Le lundi 22 août 2016 à 13:26 +0200, Tamas Papp a écrit :
> suppose I have variables y, x, and weights w, eg
> 
> x = randn(100)
> σ = 0.1
> w = rand(length(x))
> y = x + σ*randn(length(x))./w
> 
> and I want to estimate
> 
> 1. the coefficient and the intercept (something around 0, and 1)
> 
> 2. and some simple estimate for the standard deviation of the error term
> (eg something around 0.1).
> 
> What's the recommended way of doing this in Julia? GLM allows me to fit
> the model, but I could not figure out how to do it with weights, and I
> have a hard time extracting residuals etc to calculate an estimator for
> sigma (maybe I am doing it wrong, but residuals is not supported for the
> fit object).
> 
> Julia 0.5-rc2, using latest DataFrames, last released GLM.
> 
> To be clear, this does what I want:
> 
> function myfit(y, X, w)
>     W = Diagonal(sqrt(w))
>     WX = W*X
>     Wy = W*y
>     β = WX \ Wy
>     ϵ = Wy-WX*β
>     (β, sqrt(dot(ϵ, ϵ)/(size(X, 1)-size(X, 2))))
> end
> 
> myfit(y, hcat(ones(length(x)), x),  w)
> 
> but I want to learn the "standard" way of doing this.
Unfortunately, I don't think lm/LinearModel supports weights currently,
though the code is prepared in some places to handle them.

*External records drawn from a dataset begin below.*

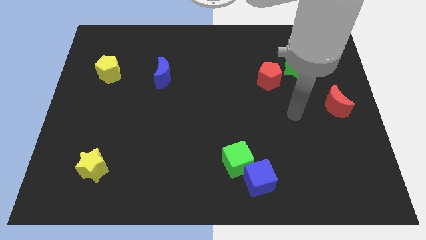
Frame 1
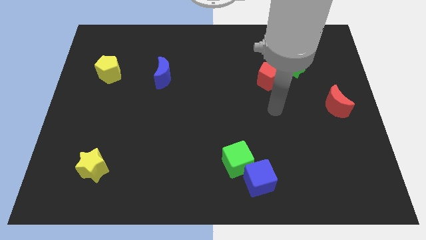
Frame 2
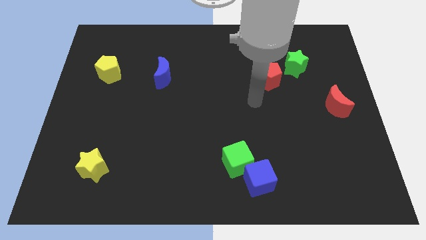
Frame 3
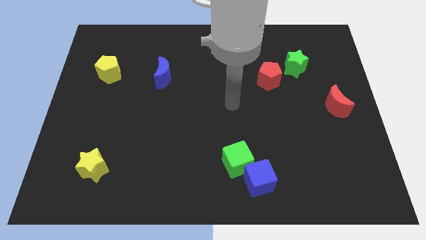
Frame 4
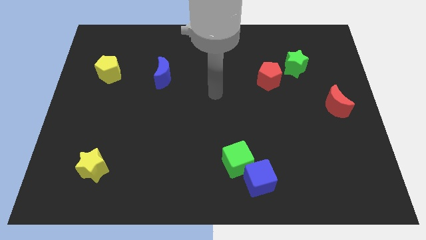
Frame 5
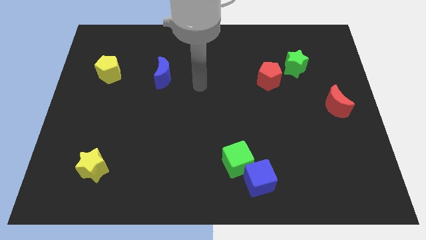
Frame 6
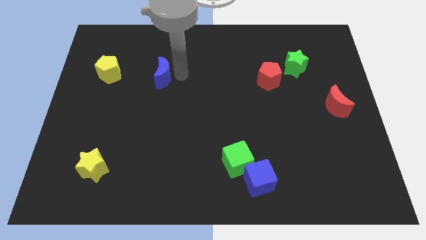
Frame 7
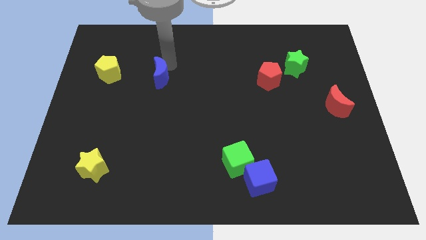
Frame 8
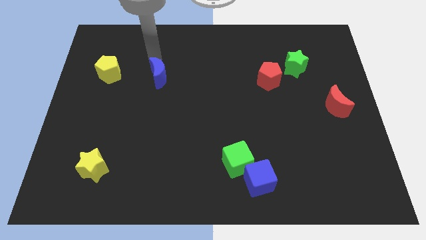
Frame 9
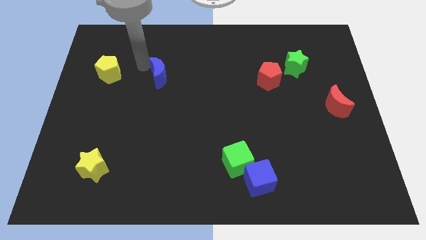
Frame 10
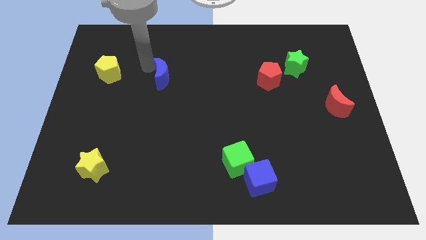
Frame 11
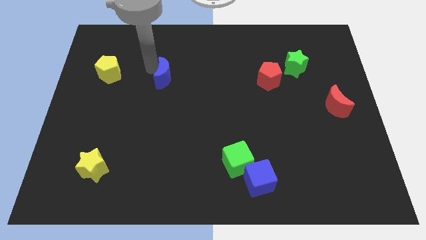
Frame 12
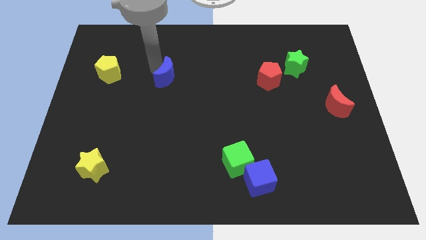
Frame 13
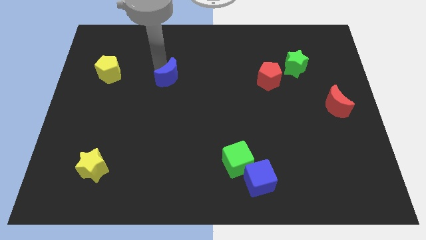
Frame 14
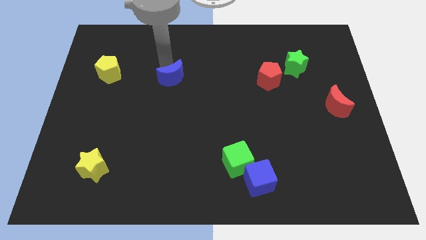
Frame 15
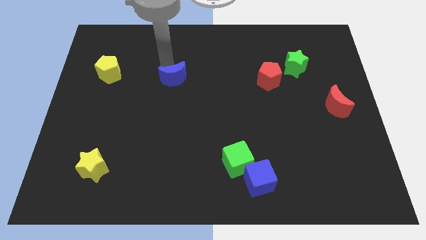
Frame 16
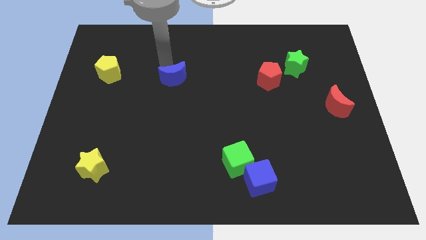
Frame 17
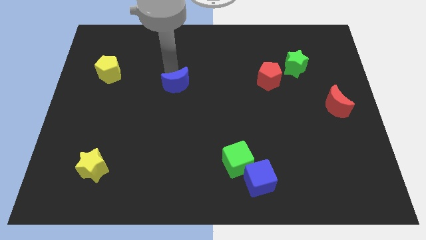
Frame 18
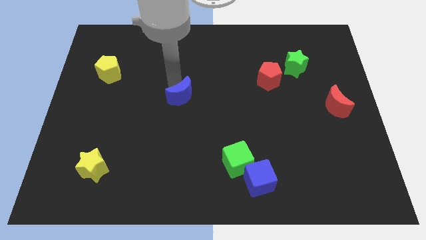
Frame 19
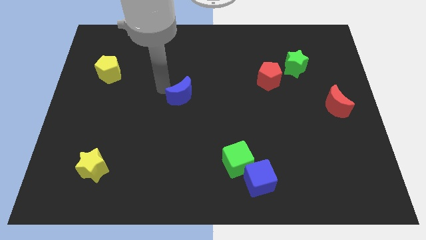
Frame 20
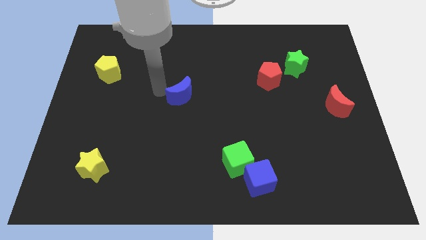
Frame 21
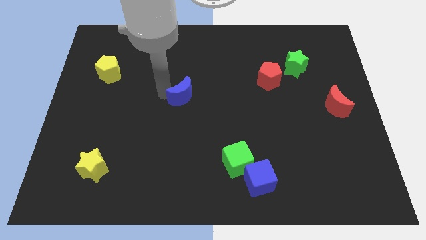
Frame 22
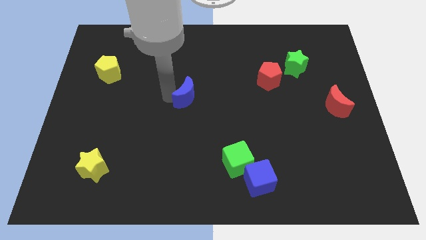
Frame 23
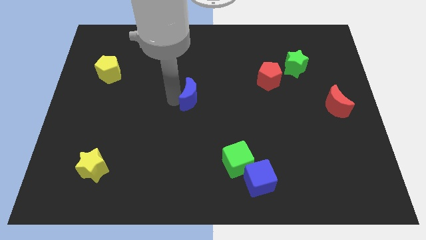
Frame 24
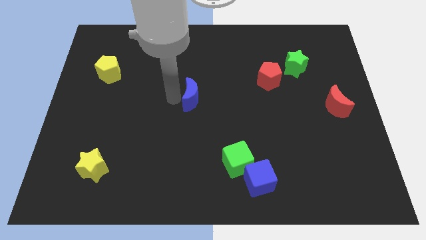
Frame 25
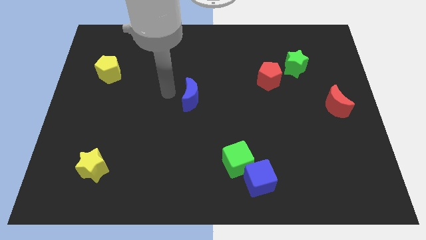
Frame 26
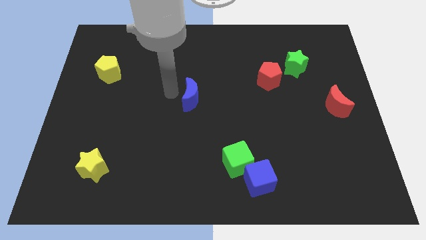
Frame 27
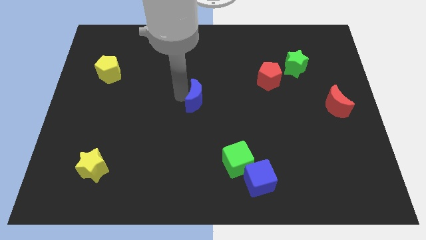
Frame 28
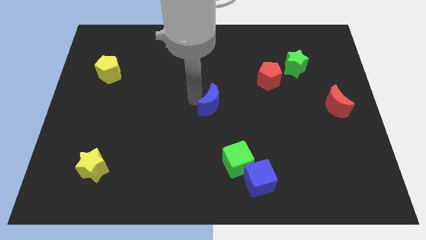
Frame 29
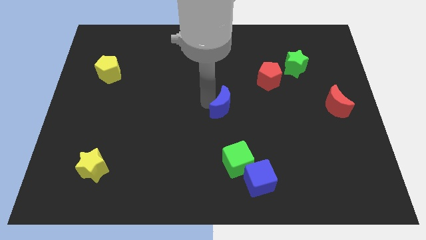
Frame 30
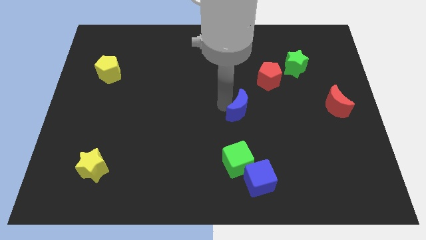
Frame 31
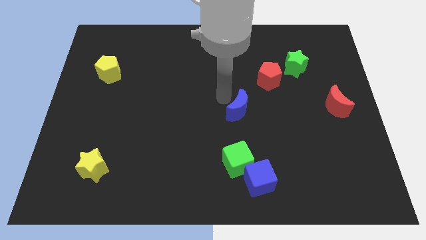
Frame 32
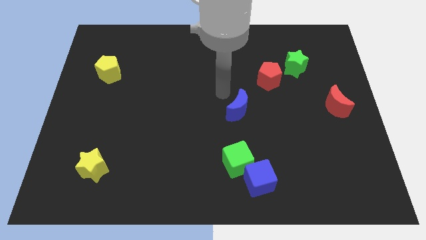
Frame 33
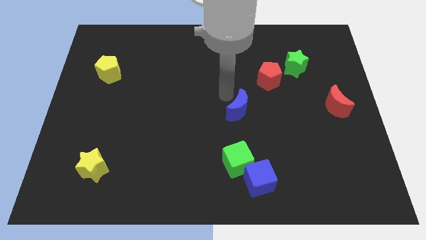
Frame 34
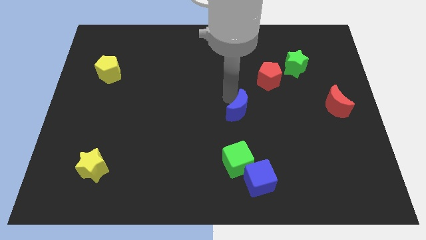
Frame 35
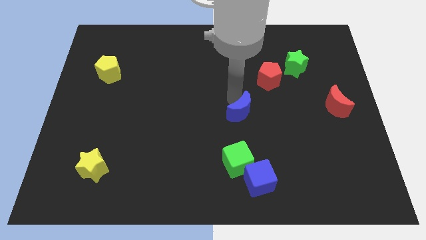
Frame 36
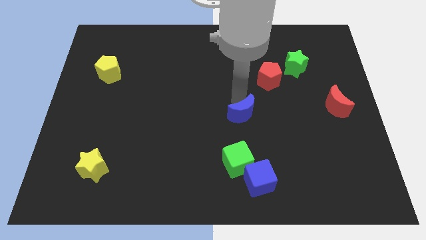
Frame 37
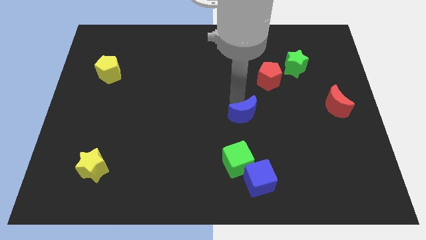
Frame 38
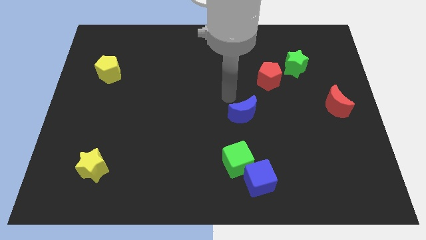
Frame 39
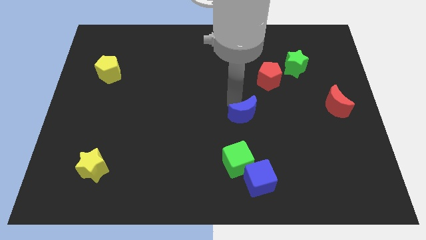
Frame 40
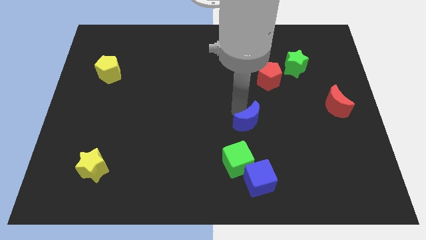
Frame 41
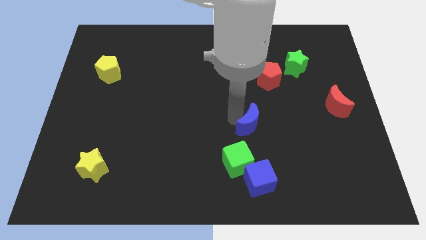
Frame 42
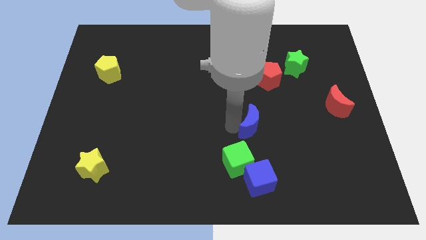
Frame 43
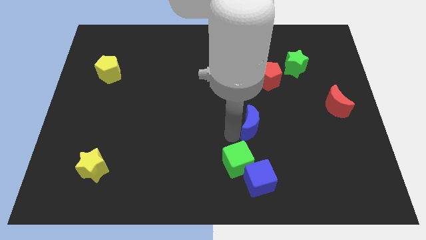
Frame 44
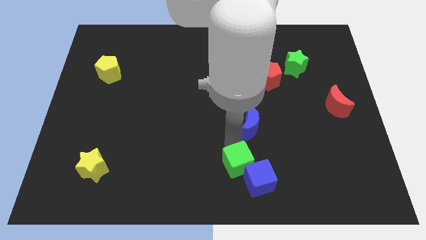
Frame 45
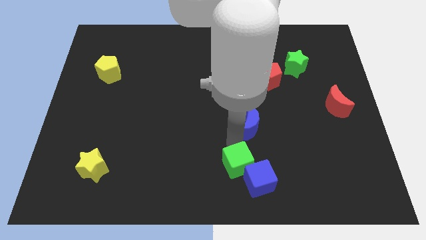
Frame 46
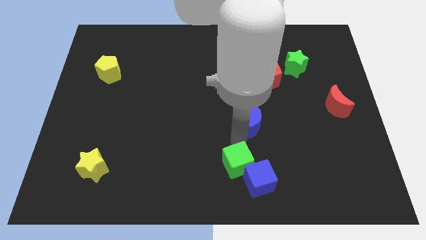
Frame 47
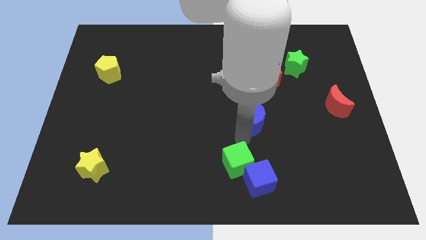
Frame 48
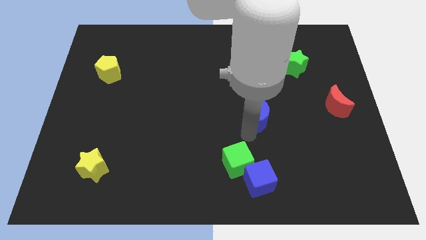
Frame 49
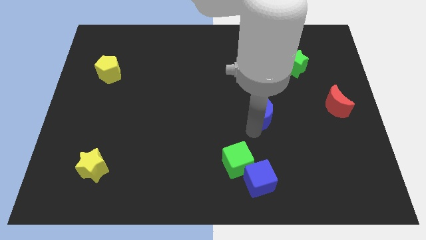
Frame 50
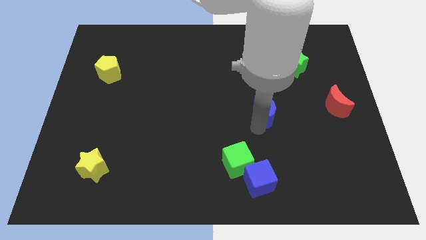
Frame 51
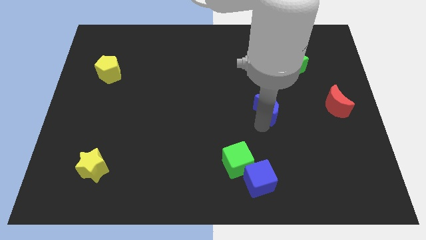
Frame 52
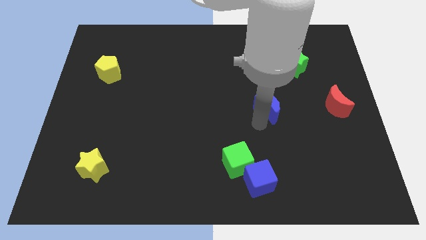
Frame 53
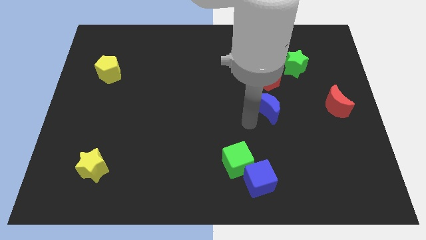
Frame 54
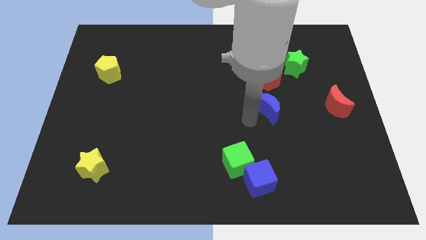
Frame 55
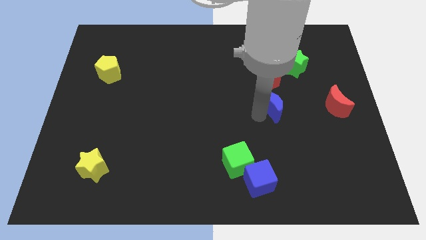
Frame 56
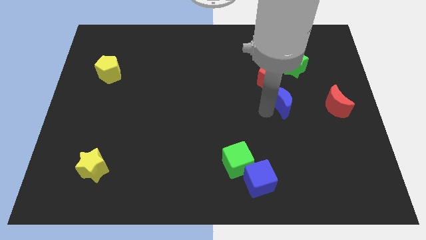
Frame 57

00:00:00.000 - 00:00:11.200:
slide the blue moon to the bottom of the green star

You can fit a generalized linear model with a normal distribution
instead, but weights will be interpreted as case weights, while
weighted least squares would correspond to inverse-variance/precision
weights. This is currently underdocumented. The code to do that would
be:

df = DataFrame(x=x, y=y, w=w)
fit(GeneralizedLinearModel, y ~ x, df, Normal(), IdentityLink(), wts=w)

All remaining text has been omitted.